Where can I find Portugal's list of active tax treaties? The AT maintains the official list at info.portaldasfinancas.gov.pt under Informacao Fiscal > Convencoes para evitar a dupla tributacao. Each entry links to the full treaty text. The Protocol amendments are as important as the main treaty body; always read both.
What is the difference between the credit method and the exemption method in a DTA? Under the credit method (used in most modern Portugal DTAs), Portugal taxes the foreign income but credits foreign tax already paid against the Portuguese IRS due, so you pay Portugal's rate, not both rates.
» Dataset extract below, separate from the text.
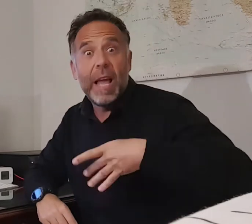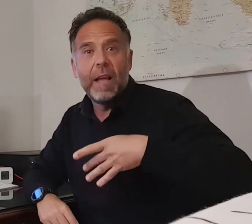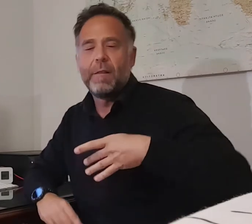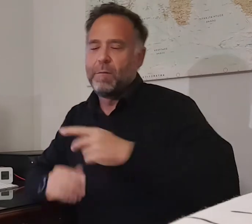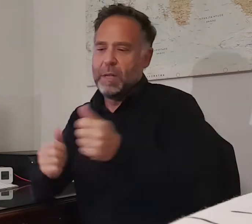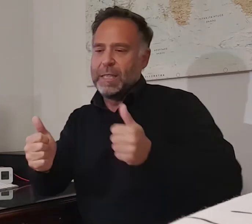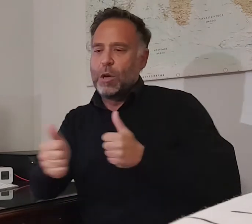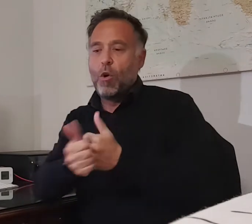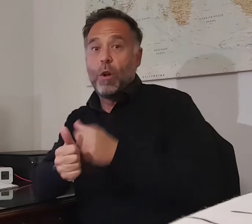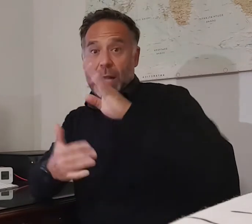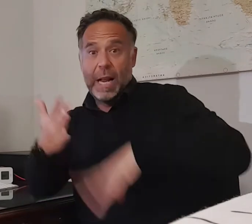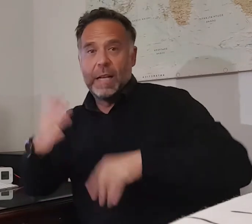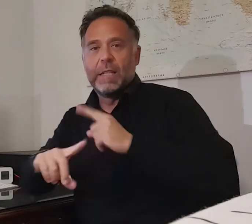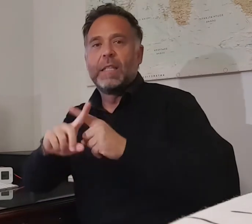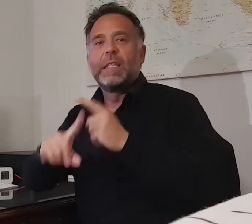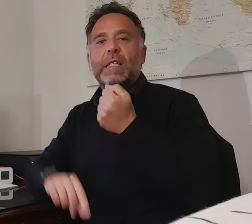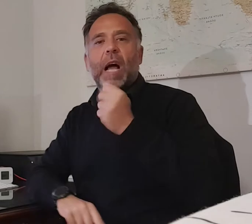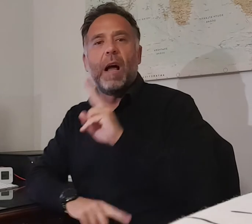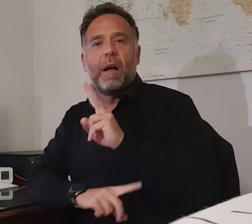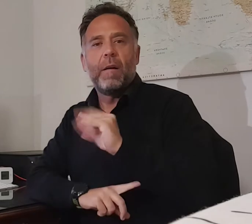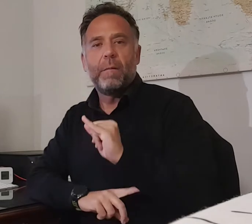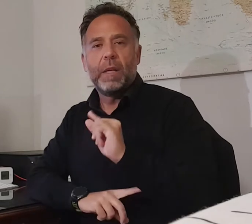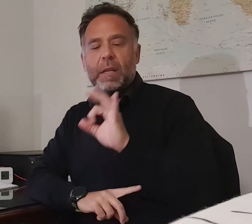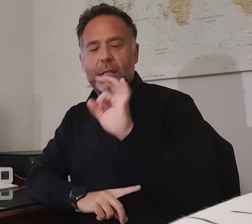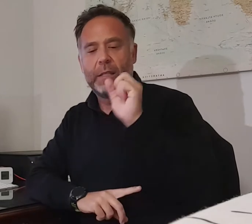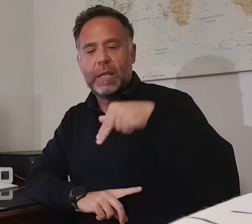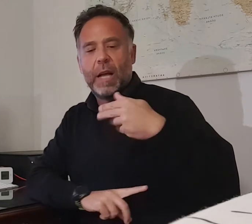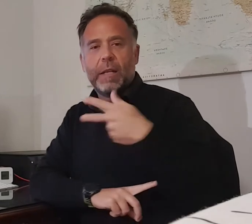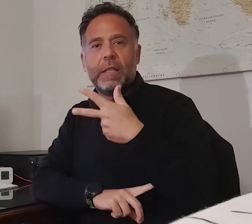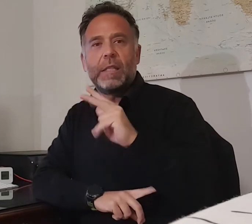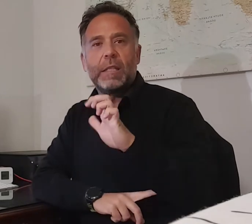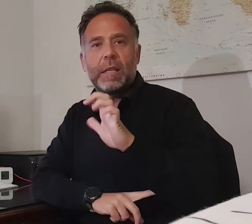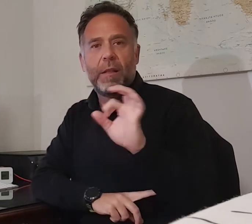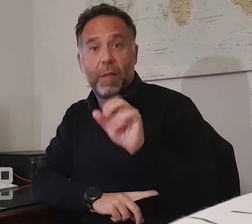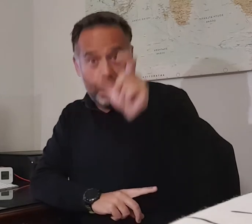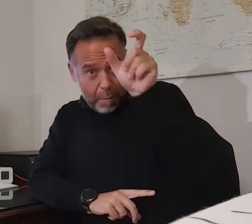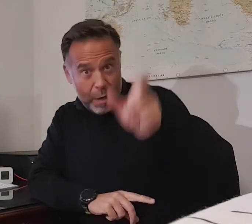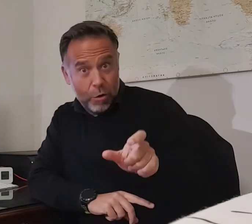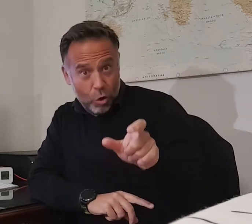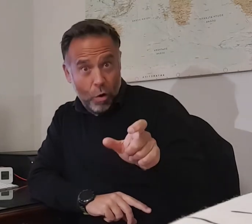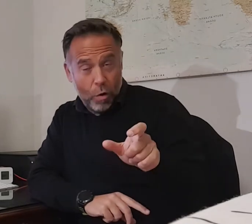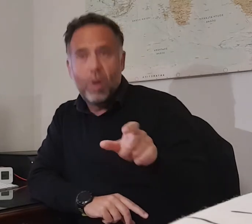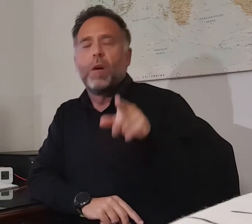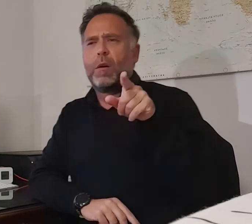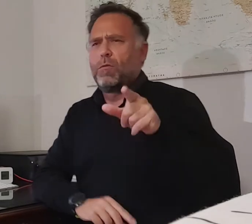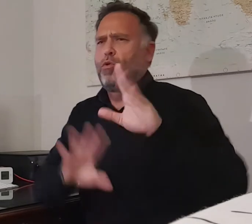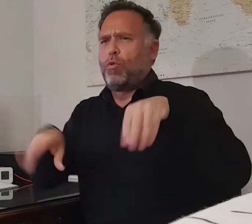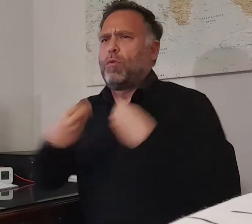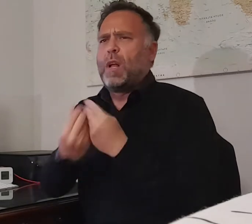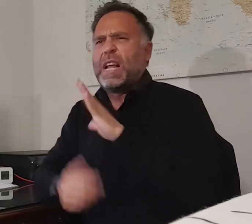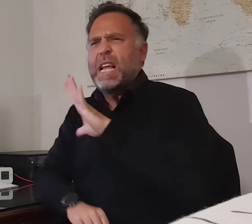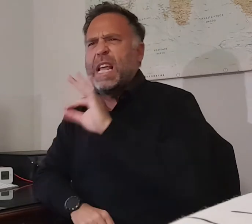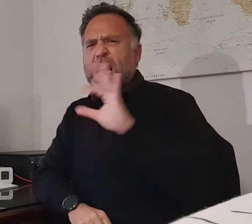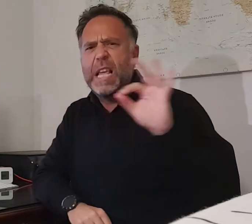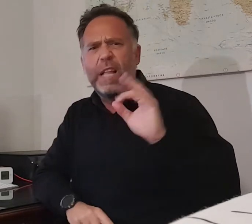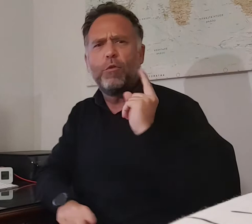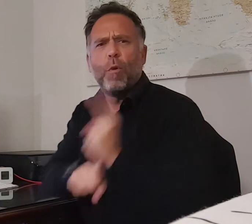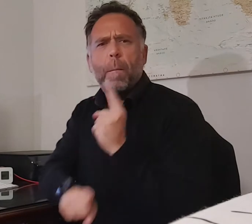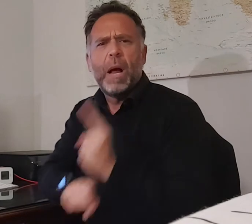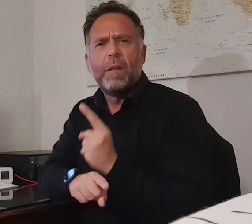catalán Xavi Sánchez Bernal, un tipo que ha disputado casi 500 partidos con la camiseta roja, llegó
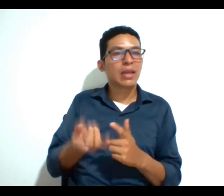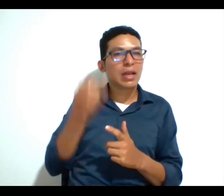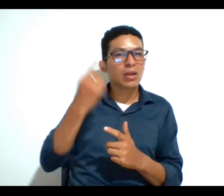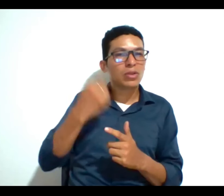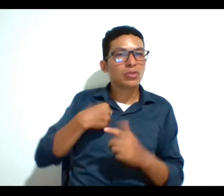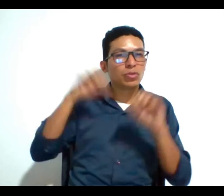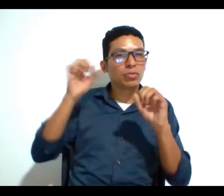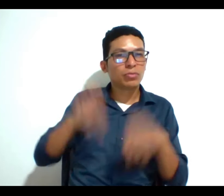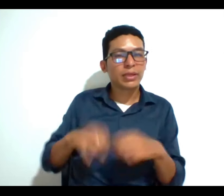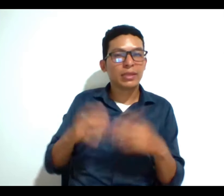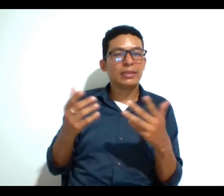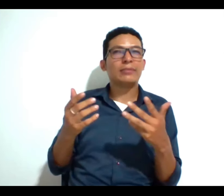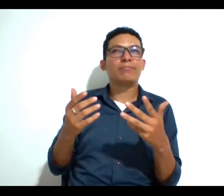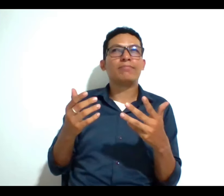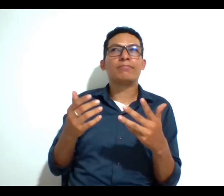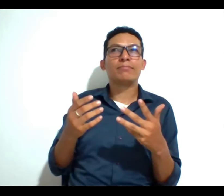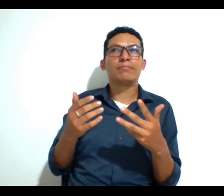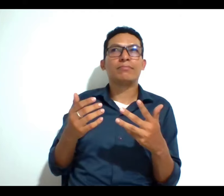crisis

Under the exemption method, Portugal excludes the foreign income from the IRS base entirely but may factor it into your bracket calculation (exemption with progression). In practice, the credit method means you pay the higher of the two countries' rates on that income; the exemption method means you pay only the source country's rate.
Do I need a tax advisor to benefit from a DTA? Not usually, for straightforward cases. If you have a single income source in one country and clearly reside in Portugal, Article 7 or 21 applies and the outcome is simple: Portugal taxes the income, the other country does not withhold. You need an advisor for dual-residence disputes (Article 4 tie-breakers), source-country withholding refund claims, income types with shared taxing rights such as dividends, interest, or royalties, or situations where a DTA has terminated.
Does every Portugal DTA follow the OECD Model Convention? Most modern ones do, especially those with EU member states and OECD members. Older treaties (some from the 1970s-1980s, and some with Latin American and African countries) may follow the UN Model Convention instead, which gives more taxing rights to source countries. The structural article numbering is similar but not identical. Always read the actual treaty text rather than assuming OECD structure applies.